Collection entries
++++++++++

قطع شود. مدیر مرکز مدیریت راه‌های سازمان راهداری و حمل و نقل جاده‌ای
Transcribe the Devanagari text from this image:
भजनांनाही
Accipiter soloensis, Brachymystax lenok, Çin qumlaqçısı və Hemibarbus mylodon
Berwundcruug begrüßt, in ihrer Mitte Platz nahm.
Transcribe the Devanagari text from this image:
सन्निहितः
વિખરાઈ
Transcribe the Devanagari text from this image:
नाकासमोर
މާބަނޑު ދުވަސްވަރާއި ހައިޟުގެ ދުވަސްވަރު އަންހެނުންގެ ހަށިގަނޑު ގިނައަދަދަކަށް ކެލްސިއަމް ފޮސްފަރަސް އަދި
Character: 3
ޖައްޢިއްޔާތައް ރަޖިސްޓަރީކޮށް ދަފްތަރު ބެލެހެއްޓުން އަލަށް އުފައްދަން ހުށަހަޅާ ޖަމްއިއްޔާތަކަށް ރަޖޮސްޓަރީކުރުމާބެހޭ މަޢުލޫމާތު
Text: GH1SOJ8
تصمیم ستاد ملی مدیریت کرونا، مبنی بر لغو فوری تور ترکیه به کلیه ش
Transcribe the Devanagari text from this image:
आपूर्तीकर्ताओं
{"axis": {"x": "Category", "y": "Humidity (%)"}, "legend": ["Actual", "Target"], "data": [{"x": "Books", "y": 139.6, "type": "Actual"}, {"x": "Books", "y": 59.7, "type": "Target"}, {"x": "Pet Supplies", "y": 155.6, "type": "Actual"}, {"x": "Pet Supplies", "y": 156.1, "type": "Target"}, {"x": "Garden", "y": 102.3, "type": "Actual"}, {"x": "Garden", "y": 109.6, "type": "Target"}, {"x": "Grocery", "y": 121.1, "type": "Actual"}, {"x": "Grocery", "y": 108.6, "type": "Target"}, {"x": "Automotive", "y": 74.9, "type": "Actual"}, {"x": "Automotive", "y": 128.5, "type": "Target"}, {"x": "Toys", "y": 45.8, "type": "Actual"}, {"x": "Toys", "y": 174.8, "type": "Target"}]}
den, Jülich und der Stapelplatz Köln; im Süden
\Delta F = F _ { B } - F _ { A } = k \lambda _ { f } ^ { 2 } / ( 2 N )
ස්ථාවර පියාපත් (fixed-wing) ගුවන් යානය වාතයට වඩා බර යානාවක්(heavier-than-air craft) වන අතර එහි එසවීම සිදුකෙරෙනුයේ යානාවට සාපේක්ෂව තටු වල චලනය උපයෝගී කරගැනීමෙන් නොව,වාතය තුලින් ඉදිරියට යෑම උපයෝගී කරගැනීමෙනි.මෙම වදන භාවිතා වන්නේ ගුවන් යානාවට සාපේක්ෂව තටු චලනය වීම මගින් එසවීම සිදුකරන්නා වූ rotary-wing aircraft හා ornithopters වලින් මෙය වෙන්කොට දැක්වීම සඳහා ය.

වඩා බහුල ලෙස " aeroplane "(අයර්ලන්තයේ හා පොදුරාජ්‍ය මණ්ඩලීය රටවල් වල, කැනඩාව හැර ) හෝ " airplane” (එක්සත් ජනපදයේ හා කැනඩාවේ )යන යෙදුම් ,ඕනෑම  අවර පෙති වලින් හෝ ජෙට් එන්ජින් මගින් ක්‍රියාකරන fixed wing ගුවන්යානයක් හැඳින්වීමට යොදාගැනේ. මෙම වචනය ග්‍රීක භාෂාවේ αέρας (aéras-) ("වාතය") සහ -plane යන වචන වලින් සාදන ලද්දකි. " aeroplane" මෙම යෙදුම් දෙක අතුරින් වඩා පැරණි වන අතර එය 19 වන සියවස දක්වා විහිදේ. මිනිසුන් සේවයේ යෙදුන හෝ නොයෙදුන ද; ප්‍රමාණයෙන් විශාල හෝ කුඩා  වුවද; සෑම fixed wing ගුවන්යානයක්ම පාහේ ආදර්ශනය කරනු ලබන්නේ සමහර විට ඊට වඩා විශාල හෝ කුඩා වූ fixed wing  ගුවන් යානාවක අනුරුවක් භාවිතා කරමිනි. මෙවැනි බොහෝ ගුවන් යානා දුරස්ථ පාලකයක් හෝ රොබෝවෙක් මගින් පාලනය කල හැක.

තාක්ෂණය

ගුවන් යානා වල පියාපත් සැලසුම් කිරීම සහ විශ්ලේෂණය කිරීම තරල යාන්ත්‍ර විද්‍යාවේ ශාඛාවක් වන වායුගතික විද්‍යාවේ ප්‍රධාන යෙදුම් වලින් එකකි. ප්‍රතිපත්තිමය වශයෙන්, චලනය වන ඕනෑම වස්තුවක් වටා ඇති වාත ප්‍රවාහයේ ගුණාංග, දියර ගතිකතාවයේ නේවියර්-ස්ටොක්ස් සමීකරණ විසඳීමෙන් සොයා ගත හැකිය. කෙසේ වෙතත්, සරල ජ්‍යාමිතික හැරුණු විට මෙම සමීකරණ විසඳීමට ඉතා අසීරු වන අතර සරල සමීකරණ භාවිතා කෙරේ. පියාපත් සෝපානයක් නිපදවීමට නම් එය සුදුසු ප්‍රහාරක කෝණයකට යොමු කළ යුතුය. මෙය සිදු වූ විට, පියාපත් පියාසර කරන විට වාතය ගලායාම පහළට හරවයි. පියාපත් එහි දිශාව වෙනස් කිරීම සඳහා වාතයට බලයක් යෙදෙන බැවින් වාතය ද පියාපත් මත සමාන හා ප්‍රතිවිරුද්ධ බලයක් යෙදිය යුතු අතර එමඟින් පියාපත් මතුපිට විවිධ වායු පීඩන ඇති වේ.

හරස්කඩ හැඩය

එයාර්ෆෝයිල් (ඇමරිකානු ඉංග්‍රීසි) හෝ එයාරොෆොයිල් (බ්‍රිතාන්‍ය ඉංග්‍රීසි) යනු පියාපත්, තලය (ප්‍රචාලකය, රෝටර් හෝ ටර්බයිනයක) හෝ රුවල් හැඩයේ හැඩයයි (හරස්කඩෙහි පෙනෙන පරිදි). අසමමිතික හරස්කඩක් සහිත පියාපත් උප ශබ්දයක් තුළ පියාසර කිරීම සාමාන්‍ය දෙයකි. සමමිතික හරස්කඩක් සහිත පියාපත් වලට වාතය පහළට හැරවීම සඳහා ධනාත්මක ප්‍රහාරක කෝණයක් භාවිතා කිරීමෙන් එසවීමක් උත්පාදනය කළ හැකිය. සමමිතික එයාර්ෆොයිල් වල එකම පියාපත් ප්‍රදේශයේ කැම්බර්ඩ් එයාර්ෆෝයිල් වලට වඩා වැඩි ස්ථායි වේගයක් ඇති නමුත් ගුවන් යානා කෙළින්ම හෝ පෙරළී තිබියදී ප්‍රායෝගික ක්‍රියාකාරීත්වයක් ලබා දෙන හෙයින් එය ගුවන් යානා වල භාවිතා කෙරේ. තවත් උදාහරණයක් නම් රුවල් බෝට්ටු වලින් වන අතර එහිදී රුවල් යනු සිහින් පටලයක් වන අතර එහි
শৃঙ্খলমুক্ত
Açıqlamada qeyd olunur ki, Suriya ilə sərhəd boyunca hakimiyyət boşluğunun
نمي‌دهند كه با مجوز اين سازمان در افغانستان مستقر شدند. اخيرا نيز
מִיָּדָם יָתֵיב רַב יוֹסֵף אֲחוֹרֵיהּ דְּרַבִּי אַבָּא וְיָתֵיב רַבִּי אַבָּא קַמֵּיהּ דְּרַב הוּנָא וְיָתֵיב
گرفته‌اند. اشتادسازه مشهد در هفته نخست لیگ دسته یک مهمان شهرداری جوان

++++++++++

Exercise: All lines of the entries above where "مدیریت" turns up should be reported.

Final answer:
قطع شود. مدیر مرکز مدیریت راه‌های سازمان راهداری و حمل و نقل جاده‌ای
تصمیم ستاد ملی مدیریت کرونا، مبنی بر لغو فوری تور ترکیه به کلیه ش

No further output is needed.